Work order
Your answer must be an exact transcription of the lines from the line with "26.89C52.38 26.89 53.58" through the final line of the data.

Data for processing
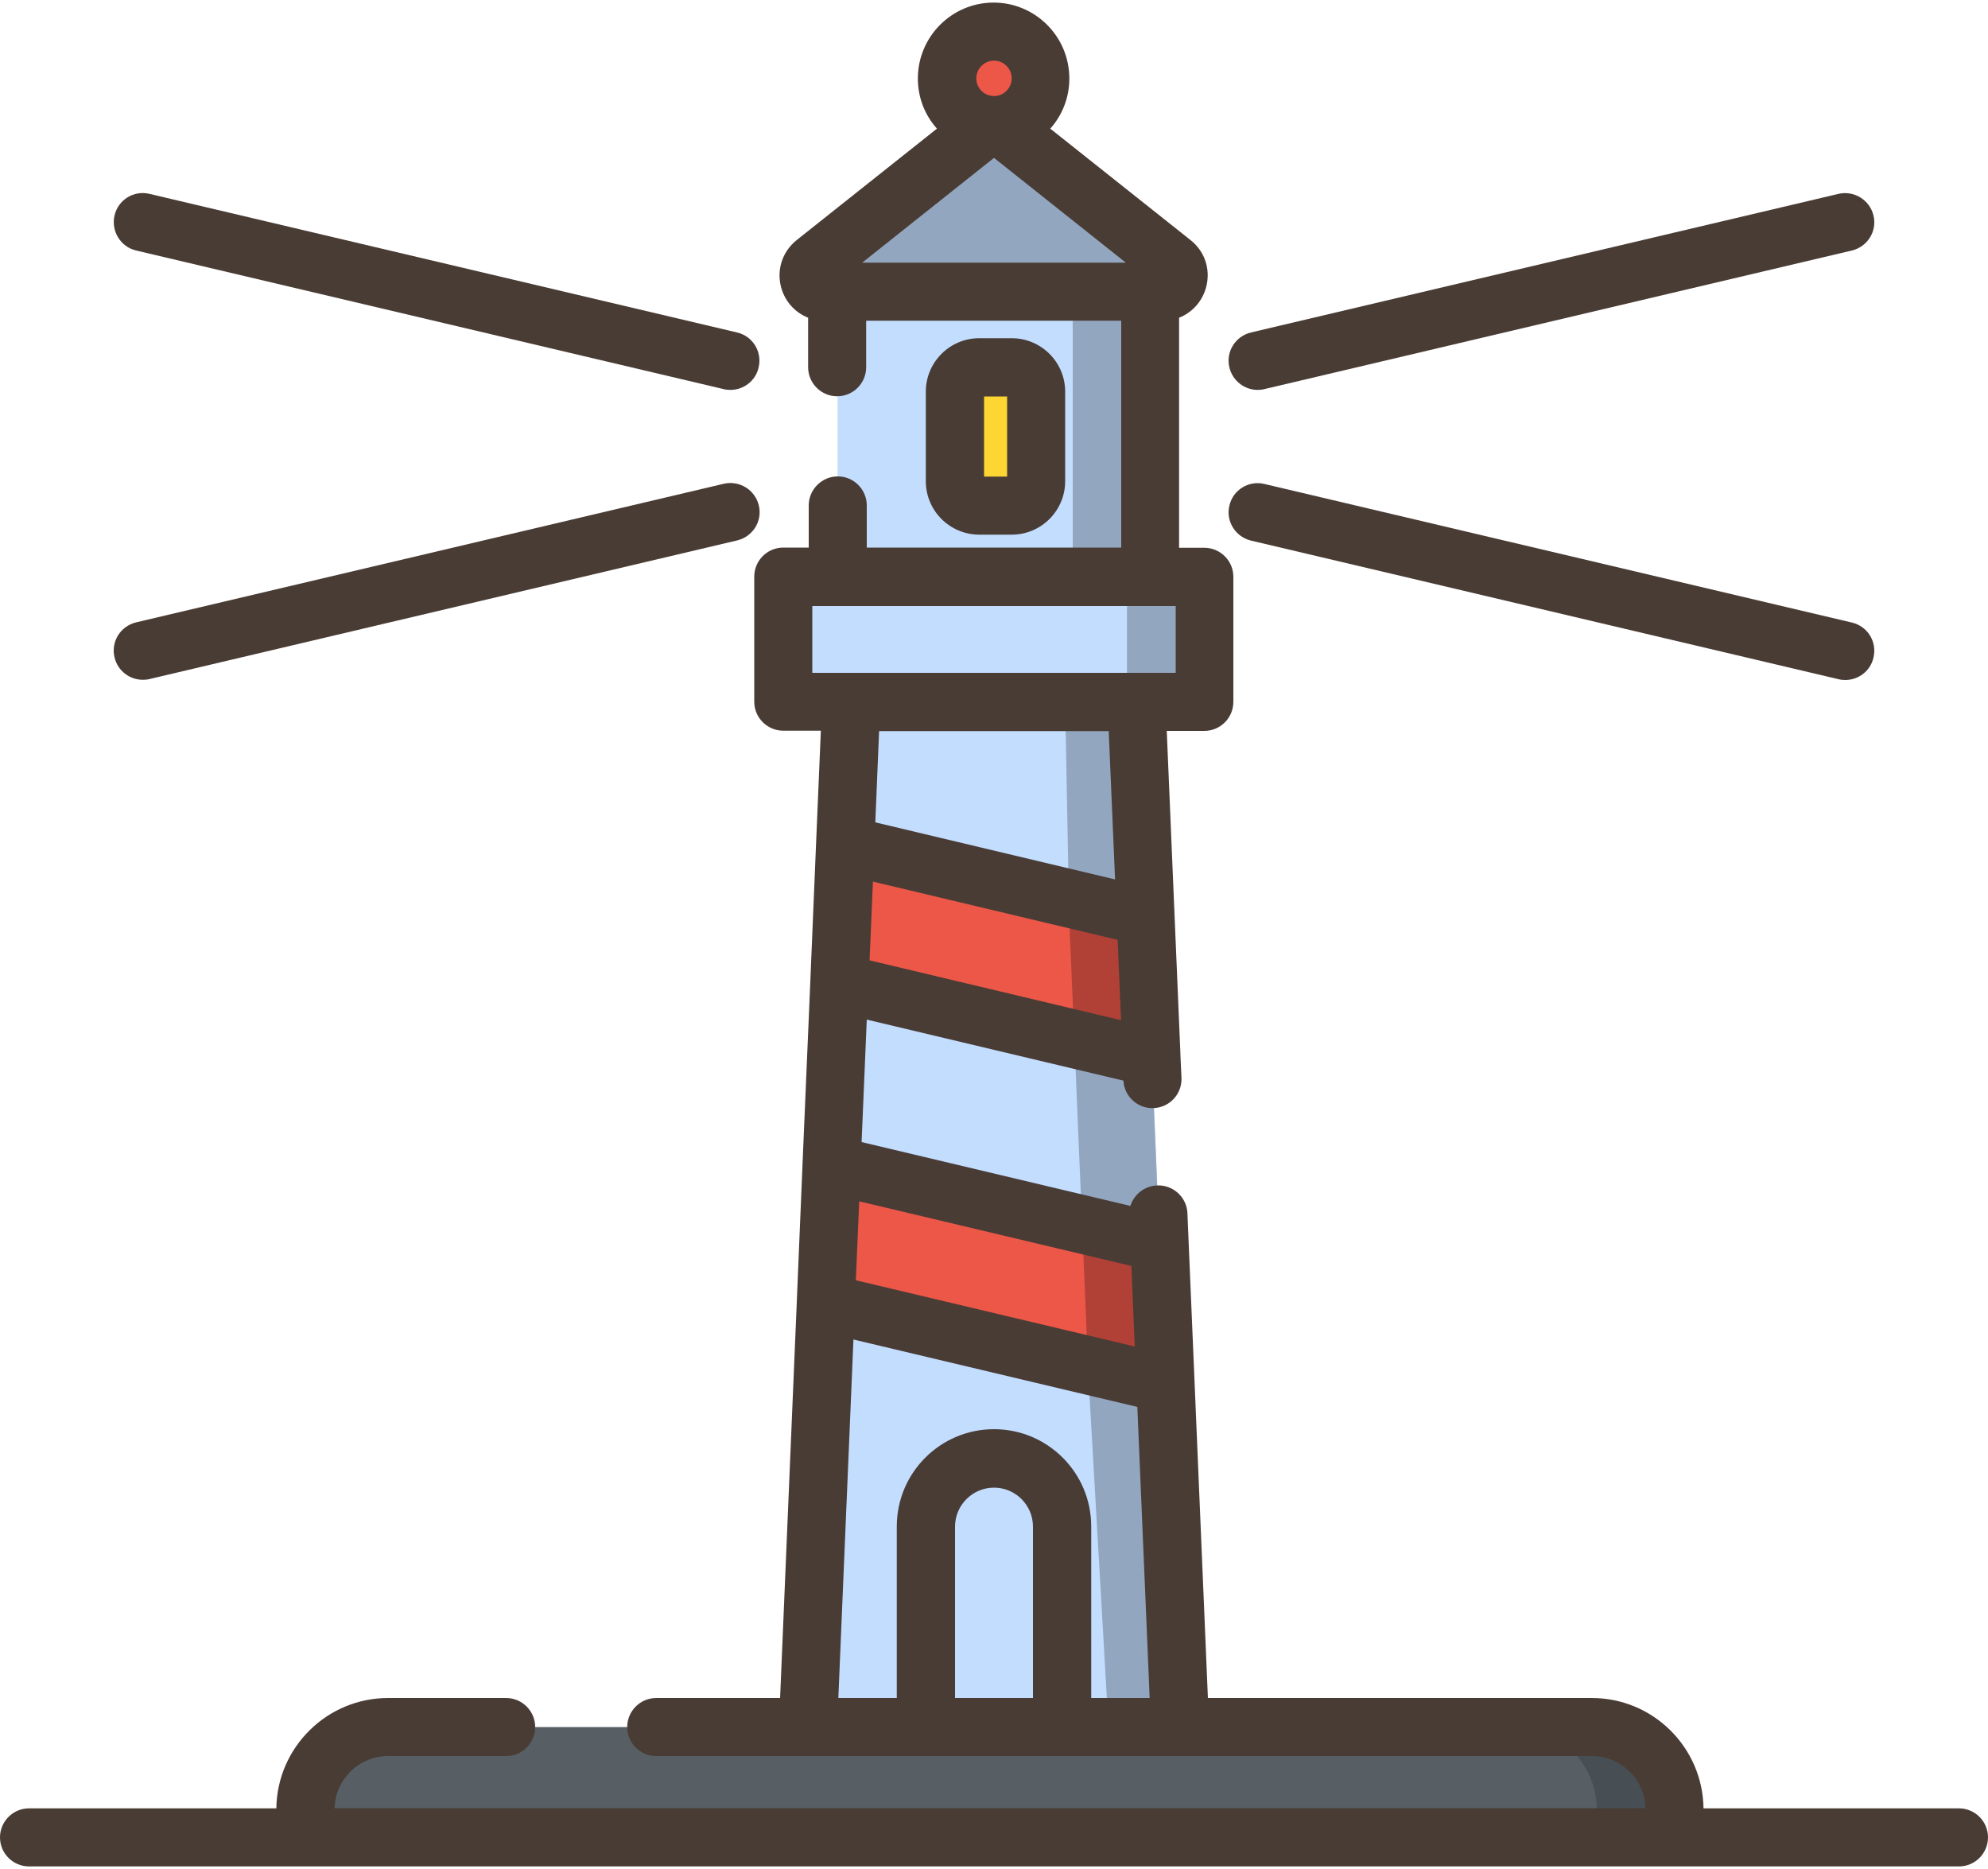 <svg width="100" height="94" viewBox="0 0 100 94" fill="none" xmlns="http://www.w3.org/2000/svg">
<path d="M59.36 86.86H40.64L41.54 65.53L41.84 58.58L42.22 49.45L42.52 42.5L42.82 35.3H57.18L57.63 46.1L57.94 53.18L58.33 62.5L58.63 69.59L59.36 86.86Z" fill="#C3DDFF"/>
<path d="M58.63 69.59L58.33 62.5L57.94 53.18L57.63 46.1L57.18 35.3H53.58L53.78 46.1L54.08 53.18L54.47 62.5L54.77 69.59L55.76 86.86H59.36L58.63 69.59Z" fill="#92A6BF"/>
<path d="M60.6 29.01H39.4V35.3H60.6V29.01Z" fill="#C3DDFF"/>
<path d="M60.6 29.01H56.69V35.3H60.6V29.01Z" fill="#92A6BF"/>
<path d="M57.87 14.67H42.13V29.01H57.87V14.67Z" fill="#C3DDFF"/>
<path d="M57.87 14.67H53.96V29.01H57.87V14.67Z" fill="#92A6BF"/>
<path d="M41.51 14.67H58.48C59.25 14.67 59.59 13.69 58.99 13.21L50.5 6.47C50.2 6.23 49.78 6.23 49.48 6.47L40.99 13.21C40.4 13.7 40.74 14.67 41.51 14.67Z" fill="#92A6BF"/>
<path d="M57.94 53.18L54.04 52.26L42.22 49.45L42.52 42.5L53.76 45.18L57.63 46.1L57.94 53.18Z" fill="#EC5748"/>
<path d="M58.63 69.59L54.73 68.67L41.54 65.53L41.84 58.59L54.43 61.58L58.33 62.5L58.63 69.59Z" fill="#EC5748"/>
<path d="M57.94 53.18L54.04 52.26L53.78 46.1L53.76 45.18L57.63 46.1L57.94 53.18Z" fill="#B14136"/>
<path d="M58.63 69.59L54.73 68.67L54.47 62.5L54.43 61.58L58.33 62.5L58.63 69.59Z" fill="#B14136"/>
<path d="M53.42 86.86H46.57V76.77C46.57 74.88 48.1 73.35 49.99 73.35C51.88 73.35 53.41 74.88 53.41 76.77V86.86H53.42Z" fill="#C3DDFF"/>
<path d="M84.23 92.41H15.36V91.01C15.36 88.72 17.22 86.86 19.51 86.86H80.07C82.36 86.86 84.22 88.72 84.22 91.01L84.23 92.41Z" fill="#575F64"/>
<path d="M80.08 86.86H76.17C78.46 86.86 80.32 88.72 80.32 91.01V92.41H84.23V91.01C84.23 88.72 82.37 86.86 80.08 86.86Z" fill="#474F54"/>
<path d="M50 6.29C51.298 6.29 52.35 5.238 52.35 3.94C52.35 2.642 51.298 1.59 50 1.59C48.702 1.59 47.65 2.642 47.65 3.94C47.65 5.238 48.702 6.29 50 6.29Z" fill="#EC5748"/>
<path d="M50.89 25.43H49.26C48.58 25.43 48.03 24.88 48.03 24.2V19.7C48.03 19.02 48.58 18.47 49.26 18.47H50.89C51.57 18.47 52.12 19.02 52.12 19.7V24.2C52.12 24.88 51.57 25.43 50.89 25.43Z" fill="#FDD634"/>
<path d="M98.54 90.95H85.69C85.65 87.88 83.15 85.4 80.07 85.4H60.76L60.09 69.54V69.53L59.8 62.7L59.73 61.02C59.7 60.21 59 59.58 58.2 59.62C57.56 59.65 57.04 60.08 56.86 60.65L43.34 57.44L43.6 51.28L56.51 54.35C56.55 55.15 57.24 55.77 58.03 55.73C58.84 55.7 59.47 55.01 59.43 54.2L59.38 53.11L59.37 52.83L58.69 36.76H60.58C61.39 36.76 62.04 36.1 62.04 35.3V29.01C62.04 28.2 61.38 27.55 60.58 27.55H59.31V15.98C59.91 15.74 60.39 15.26 60.62 14.61C60.94 13.68 60.66 12.68 59.88 12.07L52.83 6.47C53.43 5.8 53.79 4.91 53.79 3.95C53.79 1.84 52.08 0.13 49.98 0.13C47.88 0.13 46.17 1.84 46.17 3.95C46.17 4.92 46.53 5.8 47.13 6.47L40.08 12.07C39.31 12.68 39.02 13.68 39.34 14.61C39.57 15.26 40.05 15.74 40.65 15.98V18.47C40.65 19.28 41.31 19.93 42.11 19.93C42.92 19.93 43.57 19.27 43.57 18.47V16.13H56.4V27.54H43.6V25.42C43.6 24.61 42.94 23.96 42.14 23.96C41.34 23.96 40.68 24.62 40.68 25.42V27.54H39.4C38.59 27.54 37.94 28.2 37.94 29V35.29C37.94 36.1 38.6 36.75 39.4 36.75H41.29L41.05 42.42L40.76 49.36C40.76 49.37 40.76 49.37 40.76 49.38L40.37 58.5C40.37 58.5 40.37 58.5 40.37 58.51L40.08 65.46C40.08 65.47 40.08 65.47 40.08 65.48L39.24 85.4H33.01C32.2 85.4 31.55 86.06 31.55 86.86C31.55 87.67 32.21 88.32 33.01 88.32H40.64H59.36H80.08C81.54 88.32 82.73 89.49 82.77 90.94H16.83C16.87 89.49 18.06 88.32 19.52 88.32H25.46C26.27 88.32 26.92 87.66 26.92 86.86C26.92 86.05 26.26 85.4 25.46 85.4H19.52C16.45 85.4 13.94 87.88 13.9 90.95H1.46C0.66 90.95 0 91.6 0 92.41C0 93.22 0.66 93.87 1.46 93.87H15.36H84.23H98.54C99.35 93.87 100 93.21 100 92.41C100 91.6 99.34 90.95 98.54 90.95ZM50 3.05C50.49 3.05 50.89 3.45 50.89 3.94C50.89 4.42 50.5 4.82 50.02 4.83C50.01 4.83 50 4.83 49.98 4.83C49.5 4.82 49.11 4.43 49.11 3.94C49.11 3.45 49.51 3.05 50 3.05ZM43.37 13.21L50 7.94L56.63 13.21H43.37ZM40.86 30.48H42.13H57.87H59.14V33.84H40.86V30.48ZM56.91 63.67L57.08 67.72L43.05 64.39L43.22 60.42L56.91 63.67ZM43.74 48.3L43.91 44.34L56.22 47.27L56.39 51.31L43.74 48.3ZM44.03 41.36L44.22 36.77H55.77L56.09 44.23L44.03 41.36ZM48.04 85.4V76.78C48.04 75.7 48.92 74.82 50 74.82C51.08 74.82 51.96 75.7 51.96 76.78V85.4H48.04ZM54.89 85.4V76.77C54.89 74.07 52.7 71.88 50 71.88C47.3 71.88 45.11 74.07 45.11 76.77V85.4H42.17L42.93 67.37L57.21 70.76L57.83 85.4H54.89Z" fill="#493C35"/>
<path d="M6.85 12.6L36.4 19.57C36.51 19.6 36.63 19.61 36.74 19.61C37.4 19.61 38.01 19.16 38.16 18.48C38.35 17.69 37.86 16.9 37.07 16.72L7.52 9.75C6.73 9.56 5.94 10.05 5.76 10.84C5.58 11.63 6.07 12.42 6.85 12.6Z" fill="#493C35"/>
<path d="M7.19 34.19C7.3 34.19 7.41 34.18 7.53 34.15L37.08 27.18C37.87 26.99 38.36 26.21 38.17 25.42C37.98 24.63 37.19 24.15 36.41 24.33L6.85 31.3C6.06 31.49 5.57 32.27 5.76 33.06C5.92 33.74 6.52 34.19 7.19 34.19Z" fill="#493C35"/>
<path d="M63.26 19.61C63.37 19.61 63.48 19.6 63.6 19.57L93.15 12.6C93.94 12.41 94.43 11.63 94.24 10.84C94.05 10.05 93.26 9.57 92.48 9.75L62.93 16.72C62.14 16.91 61.65 17.69 61.84 18.48C62 19.15 62.6 19.61 63.26 19.61Z" fill="#493C35"/>
<path d="M62.93 27.19L92.48 34.16C92.59 34.19 92.71 34.2 92.82 34.2C93.48 34.2 94.09 33.75 94.24 33.07C94.43 32.28 93.94 31.49 93.15 31.31L63.6 24.34C62.81 24.15 62.02 24.64 61.84 25.43C61.65 26.21 62.14 27 62.93 27.19Z" fill="#493C35"/>
<path d="M50.89 26.89C52.38 26.89 53.58 25.68 53.58 24.2V19.7C53.58 18.21 52.37 17.01 50.89 17.01H49.26C47.77 17.01 46.57 18.22 46.57 19.7V24.2C46.57 25.69 47.78 26.89 49.26 26.89H50.89ZM49.5 19.94H50.66V23.97H49.5V19.94Z" fill="#493C35"/>
</svg>

Answer to the exercise
<path d="M50.89 26.89C52.38 26.89 53.58 25.68 53.58 24.2V19.7C53.58 18.21 52.37 17.01 50.89 17.01H49.26C47.77 17.01 46.57 18.22 46.57 19.7V24.2C46.57 25.69 47.78 26.89 49.26 26.89H50.89ZM49.5 19.94H50.66V23.97H49.5V19.94Z" fill="#493C35"/>
</svg>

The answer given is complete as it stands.